The F-Word the Internet Doesn't Hear

HIGHLIGHTS

  • There is a heightened digital divide between genders in India
  • Phones are reaching villages, but largely remain limited to men
  • ‘Slow and steady’ progress won’t cut it in the Internet age

Last month, the girl students of Benares Hindu University protested against the authorities. One of the reasons for this – why do boys get Internet connections in their hostel rooms, while the girls don’t?

Khap Panchayats across villages in states like UP and Haryana are notorious for thinking that women using the Internet is a bad idea. This leads to blanket bans on women using mobile phones, apps, social media, as Dr. Anja Kovacs, founder of the Delhi-based freedom of expression group the Internet Democracy Project, explained in a research paper on mobile phone bans in North India.

She writes that the Baliyan Khap Panchayat of Sisouli village and surroundings, near Muzaffarnagar in Uttar Pradesh, issued an order in mid-November 2014, banning women from using online networks. “Henceforth, all those under 18 years of age in the villages covered by the Khap Panchayat should no longer be allowed to access chat applications like WhatsApp or social media sites like Facebook,” the order read.
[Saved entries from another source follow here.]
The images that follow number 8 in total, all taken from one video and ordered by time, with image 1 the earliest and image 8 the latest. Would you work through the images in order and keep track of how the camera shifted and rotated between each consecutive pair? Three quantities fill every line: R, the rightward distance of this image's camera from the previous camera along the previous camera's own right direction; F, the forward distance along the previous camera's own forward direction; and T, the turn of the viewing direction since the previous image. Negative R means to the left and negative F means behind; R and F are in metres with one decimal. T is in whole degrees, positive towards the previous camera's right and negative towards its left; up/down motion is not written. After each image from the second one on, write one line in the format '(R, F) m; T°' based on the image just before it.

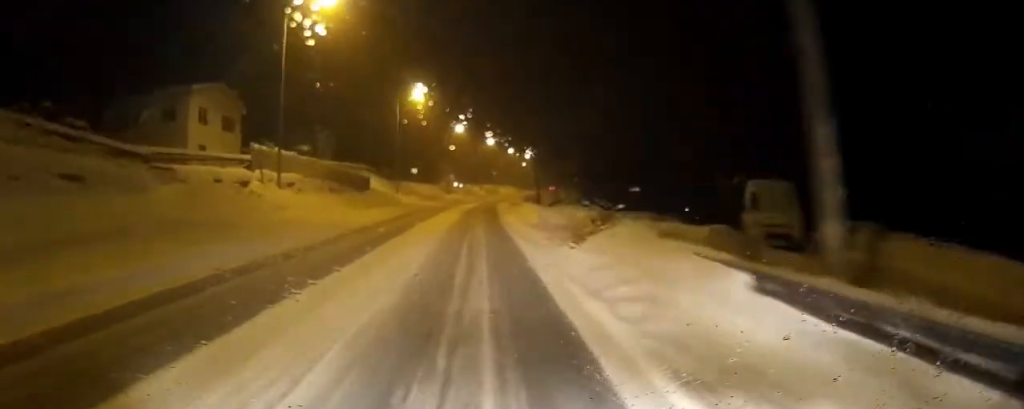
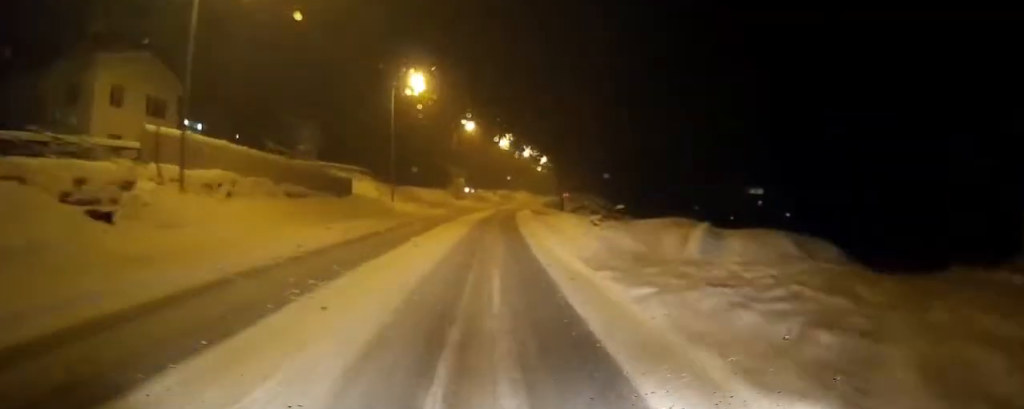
(-0.2, +12.2) m; -1°
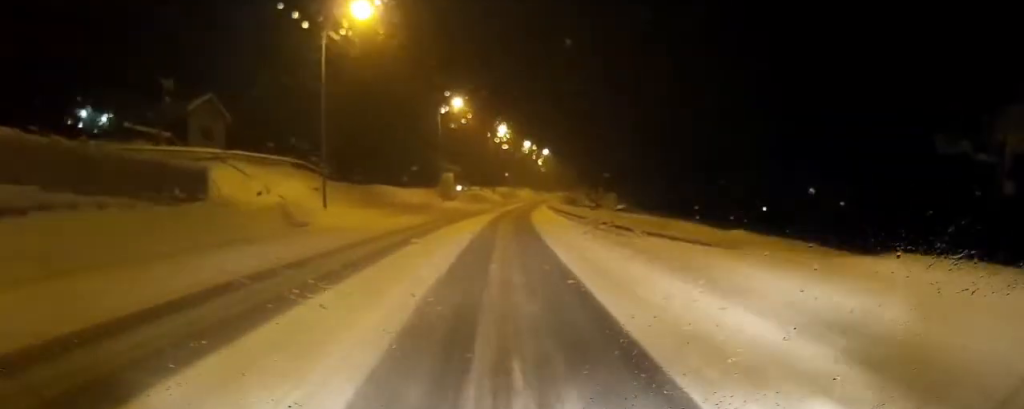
(-0.4, +22.4) m; -1°
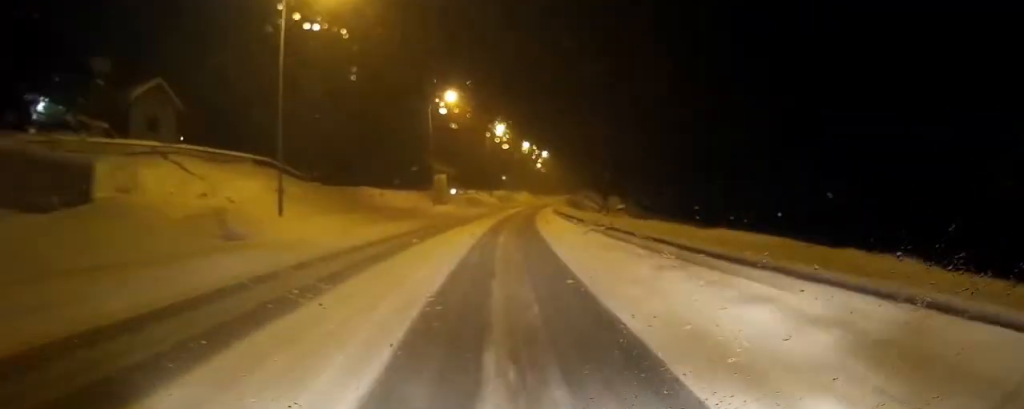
(0.0, +6.9) m; 0°
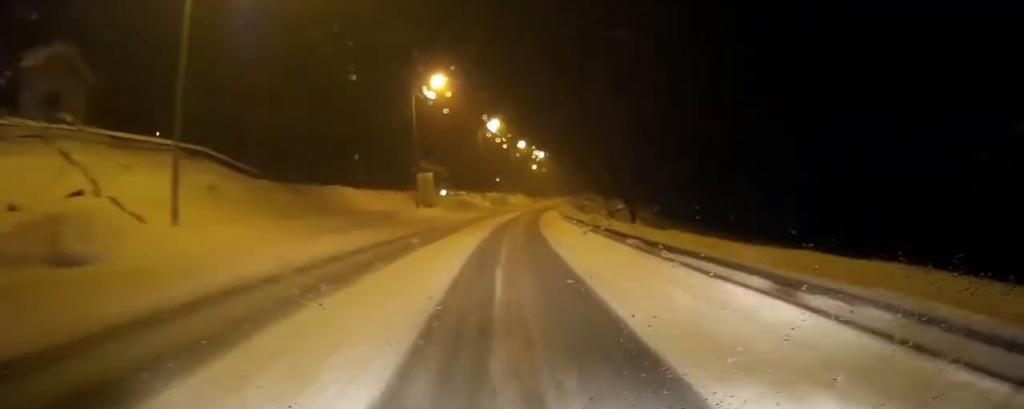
(0.0, +9.3) m; +1°
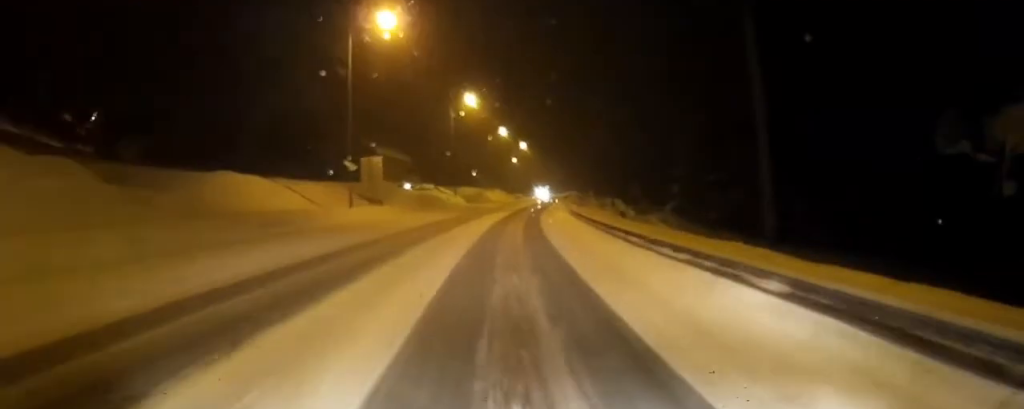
(+0.4, +18.6) m; +3°
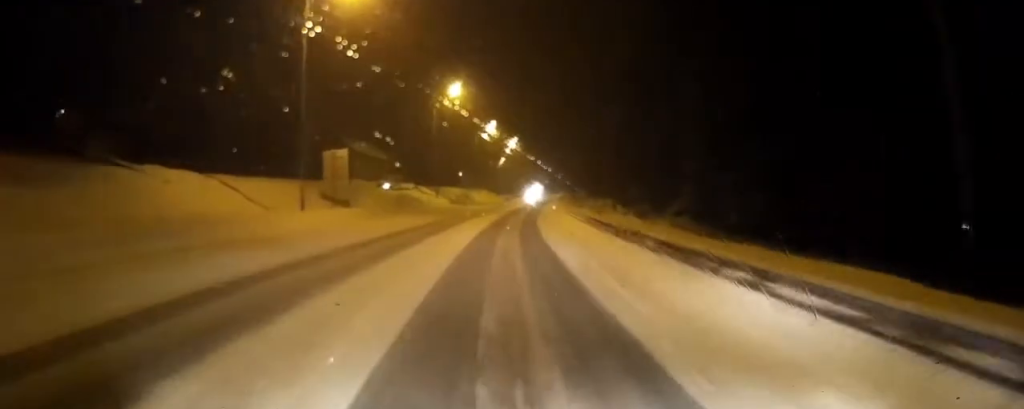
(+0.1, +7.4) m; +1°
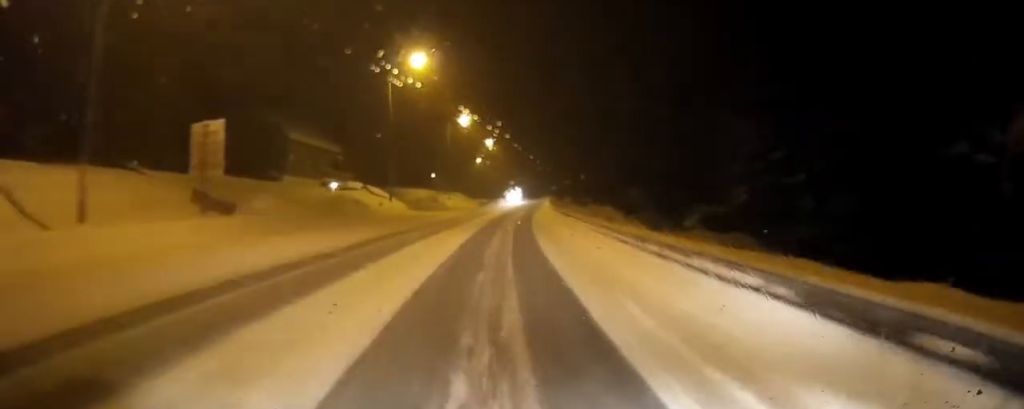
(+0.3, +16.1) m; +2°

Kovacs noted that although the head of the Khap Panchayat would later claim that the order was meant for both boys and girls, others, such as Bhartiya Kisan Union district president Rahul Ahlawat, were clear that it is especially girls who should refrain from using new technologies.

The underlying thought process seems to be, ‘how will women use smartphones when they are alone?’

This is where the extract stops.